Pathology and Laboratory Medicine Institute (PLMI), Cleveland Clinic, 9500 Euclid Ave, Cleveland, OH, 44195, USA.
PLMI's Center for Artificial Intelligence and Data Science, Cleveland Clinic, Cleveland, OH, USA.
Sci Rep. 2024 Oct 7;14(1):23312. doi: 10.1038/s41598-024-73608-0.
Healthcare data accessibility for machine learning (ML) is encumbered by a range of stringent regulations and limitations. Using synthetic data that mirrors the underlying properties in the real data is emerging as a promising solution to overcome these barriers.
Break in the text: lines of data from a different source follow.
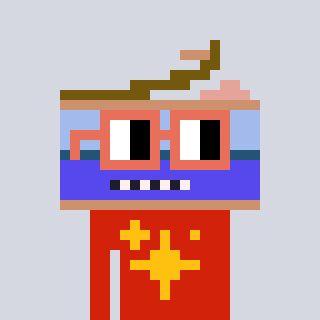
a pixel art character with square orange glasses, a canned ham-shaped head and a red-colored body on a cool background
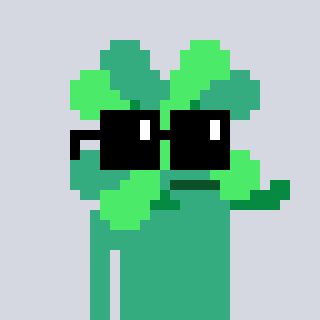
a pixel art character with square black sunglasses, a clover-shaped head and a teal-colored body on a cool background
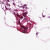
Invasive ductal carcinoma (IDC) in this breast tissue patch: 0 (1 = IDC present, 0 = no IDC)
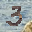
Label: 3
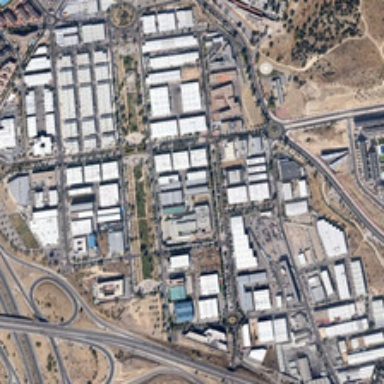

We propose a fully automated synthetic tabular neural generator (STNG), which comprises multiple synthetic data generators and integrates an Auto-ML module to validate and comprehensively compare the synthetic datasets generated from different approaches. An empirical study was conducted to demonstrate the performance of STNG using twelve different datasets. The results highlight STNG's robustness and its pivotal role in enhancing the accessibility of validated synthetic healthcare data, thereby offering a promising solution to a critical barrier in ML applications in healthcare.
医疗保健数据的机器学习(ML)访问受到一系列严格法规和限制的阻碍。使用反映真实数据中基本属性的合成数据正成为克服这些障碍的有前途的解决方案。我们提出了一种全自动合成表格神经生成器(STNG),它由多个合成数据生成器组成,并集成了一个 Auto-ML 模块,以验证和全面比较来自不同方法的合成数据集。进行了一项实证研究,使用十二个不同数据集来演示 STNG 的性能。结果突出了 STNG 的稳健性及其在增强经过验证的合成医疗保健数据的可访问性方面的关键作用,从而为医疗保健中的 ML 应用中的一个关键障碍提供了有前途的解决方案。